Pour les textes aussi, après un album un peu plus «politique», Black and White America (paru en 2011), Lenny Kravitz revient aux fondamentaux en s'intéressant à «toutes les dynamiques» de l'amour. On passe, dit-il, «du désir au sexe, de la rupture au désespoir en passant par la dévotion ou l'amour incompris», au fil d'un album qui démarre avec l'explicite Sex.

Cet amour, c'est aussi celui du New-Yorkais d'origine pour sa ville, célébrée à travers l'efficace New York City décrite comme «la plus grande» de toutes les villes, qui «a vécu et est morte tant de fois».
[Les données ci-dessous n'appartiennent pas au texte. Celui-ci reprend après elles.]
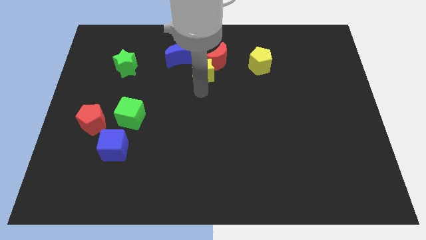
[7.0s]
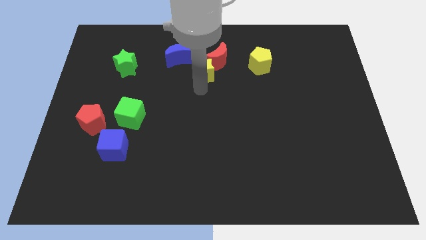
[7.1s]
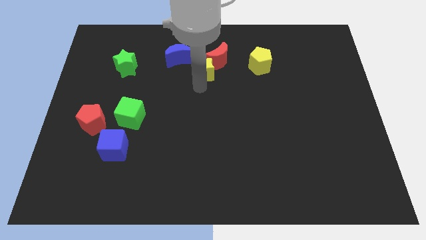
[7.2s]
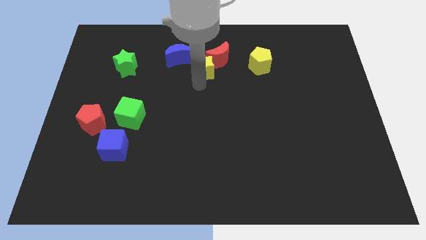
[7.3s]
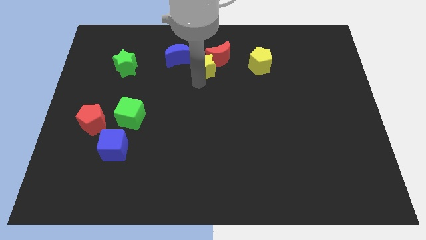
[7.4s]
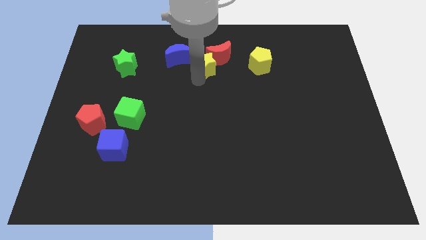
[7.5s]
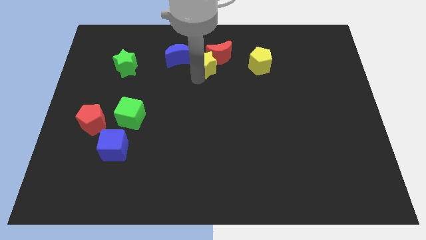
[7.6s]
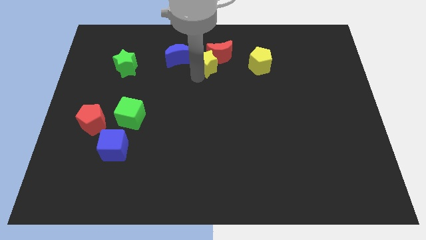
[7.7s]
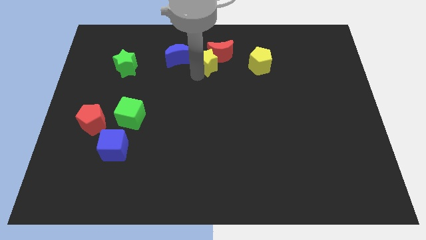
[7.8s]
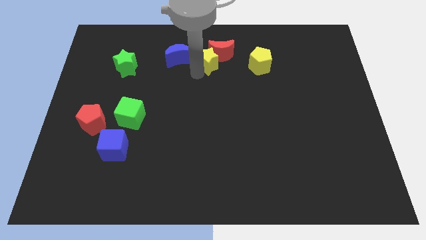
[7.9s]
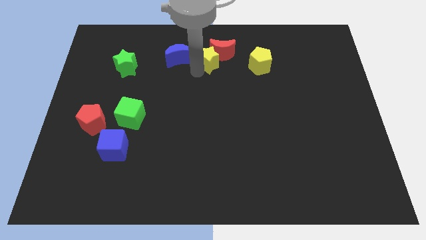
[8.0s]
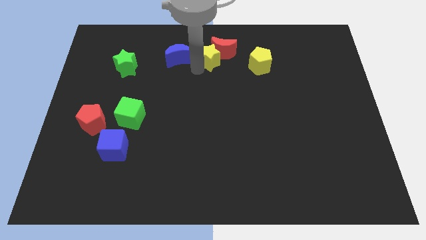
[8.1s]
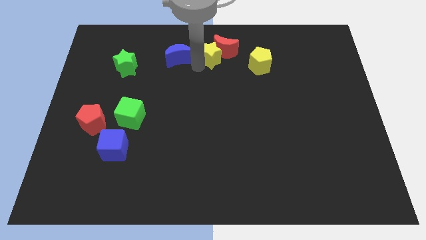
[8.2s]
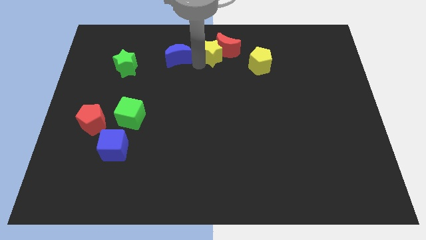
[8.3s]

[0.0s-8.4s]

Cela n'empêche pas le New-Yorkais de passer aussi du temps aujourd'hui aux Bahamas et à Paris où il est propriétaire depuis maintenant 9 ans. Paris, une ville «plutôt sexy et esthétiquement magnifique», selon celui qui est aussi désigner et décorateur d'intérieur. «Le plus drôle, c'est que quand je viens ici, je ne me sens plus comme un étranger, c'est juste comme si je rentrais à la maison.»